When we’re handing out wins, especially in games that he had virtually no hand in participating because of the timing in which he came into the game, should Collmenter be like a tree in the forest with no one around?

Or do we give him credit for his performance even though it had no impact when it did happen?


Build a Better WAR Metric: Timing Buckets

On September 1, 2015, the Nationals and Cardinals played a game where the Nationals took a big lead, only to give most of it back almost immediately. The Nationals kept trying to hold on, until the end, when the Cardinals won the game on a 3-run HR.


Source: FanGraphs

Let’s look at that ninth inning. First up was Jason Heyward. He grounded out. That context-neutral run value of making an out is -0.25 runs (or -.027 wins). Making an out to start the inning with the bases empty is only worth -0.225 runs (or -.024 wins). Therefore, the base-out timing value of the out is +.025 runs (or +.003 wins). It looks like this:

-.027 wins: Heyward’s out
+.003 wins: low impact timing of out with bases empty

But we know more information. It was a 5-5 game to start the bottom of the 9th. This is a higher leverage situation than random. Heyward’s out actually reduced the chance of winning by .050 wins, not .024 wins. That is, the impact is felt twice as much as a random leadoff situation. So, there’s yet another .026 wins to account for. This is what it looks like:

-.027 wins: Heyward’s out
+.003 wins: low impact timing of out with bases empty
-.026 wins: high impact timing of out in 9th inning of tied game

The question to ask yourself (not to me, but to yourself), is how much do you want to credit Heyward for making an out in this situation: do you want to just credit him with a random out, because he was just plucked into this situation, or do you want to credit him with making an out as the leverage was lower impact (bases empty) or even high impact (9th inning of a tied game)? Is an out an out, or does the out depend on the situation?

Let’s continue. Yadier Molina also got an out. Going through the above machinations gives us this:

-.027 wins: Molina’s out
+.010 wins: low impact timing of out with bases empty
-.019 wins: high impact timing of out in 9th inning of tied game

Now the fun begins. Cody Stanley doubled.

+.081 wins: Stanley’s double
-.056 wins: low impact timing of double with two outs
+.043 wins: high impact timing of double in 9th inning of tied game

So, in a random situation, a double with two outs is not that valuable. It’s less valuable than a random walk. That’s why we have a huge -.056 win value to account for its low impact. But at the same time, this puts the winning run on base in the bottom of the 9th. This is enormously high impact. How you approach valuation will decide how you want to credit Stanley and his double.

Tommy Pham walked with first base open and winning runner already on base.

+.032 wins: Pham’s walk
-.020 wins: low impact timing of walk with 1st base open
-.009 wins: low impact timing of walk (run is useless)
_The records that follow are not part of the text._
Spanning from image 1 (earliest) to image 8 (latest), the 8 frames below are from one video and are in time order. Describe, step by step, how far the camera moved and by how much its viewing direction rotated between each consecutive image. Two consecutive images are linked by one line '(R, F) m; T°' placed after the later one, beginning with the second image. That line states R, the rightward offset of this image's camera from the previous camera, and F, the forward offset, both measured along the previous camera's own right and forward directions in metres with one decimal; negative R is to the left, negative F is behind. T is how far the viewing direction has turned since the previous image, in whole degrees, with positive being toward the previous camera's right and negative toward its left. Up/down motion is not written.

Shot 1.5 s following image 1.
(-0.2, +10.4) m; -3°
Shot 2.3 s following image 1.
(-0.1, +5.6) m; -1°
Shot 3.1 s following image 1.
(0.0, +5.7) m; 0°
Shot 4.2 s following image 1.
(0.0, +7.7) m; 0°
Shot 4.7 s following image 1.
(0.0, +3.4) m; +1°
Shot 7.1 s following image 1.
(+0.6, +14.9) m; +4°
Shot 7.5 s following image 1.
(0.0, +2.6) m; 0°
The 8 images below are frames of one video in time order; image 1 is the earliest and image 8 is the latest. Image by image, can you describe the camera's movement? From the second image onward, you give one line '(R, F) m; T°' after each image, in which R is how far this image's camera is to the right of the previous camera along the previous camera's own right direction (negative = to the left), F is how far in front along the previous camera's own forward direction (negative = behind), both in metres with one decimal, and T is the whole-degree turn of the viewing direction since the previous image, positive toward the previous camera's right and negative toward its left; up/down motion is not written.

Let’s pause here. The double put the winning run on base, and left 1B open. The walk is in fact practically useless. The win value changed by +.003 wins, which is pretty close to zero. The batter and pitcher know this, which is why we see a NEGATIVE impact of the walk in the 9th inning of a tied game, even though we are in a high leverage situation. This is unlike the double which had a huge POSITIVE impact. The entire sequencing of the situation matters. Given that the batter and pitcher are aware of the situations as they develop, the entire timing values noted above make perfect sense.

Finally, the HR by Brandon Moss.

+.150 wins: Moss’s HR
+.137 wins: high impact timing of HR with 2 runners on
+.114 wins: high impact timing of HR to win the game

In the end, the Cardinals went from a 61.4% chance of winning to 100%, adding +0.386 wins. Adding up the above, and we get:

+.209 wins: all the events in a random situation
+.074 wins: high/low impact timing for base-out situations
+.103 wins: high impact timing of inning/score (except walk)

So, how do you, the reader, want to evaluate each of these plays? How much do you want to assign to the batter (and pitcher) and how much do you just want to have some general “timing” buckets, not linked to any particular player?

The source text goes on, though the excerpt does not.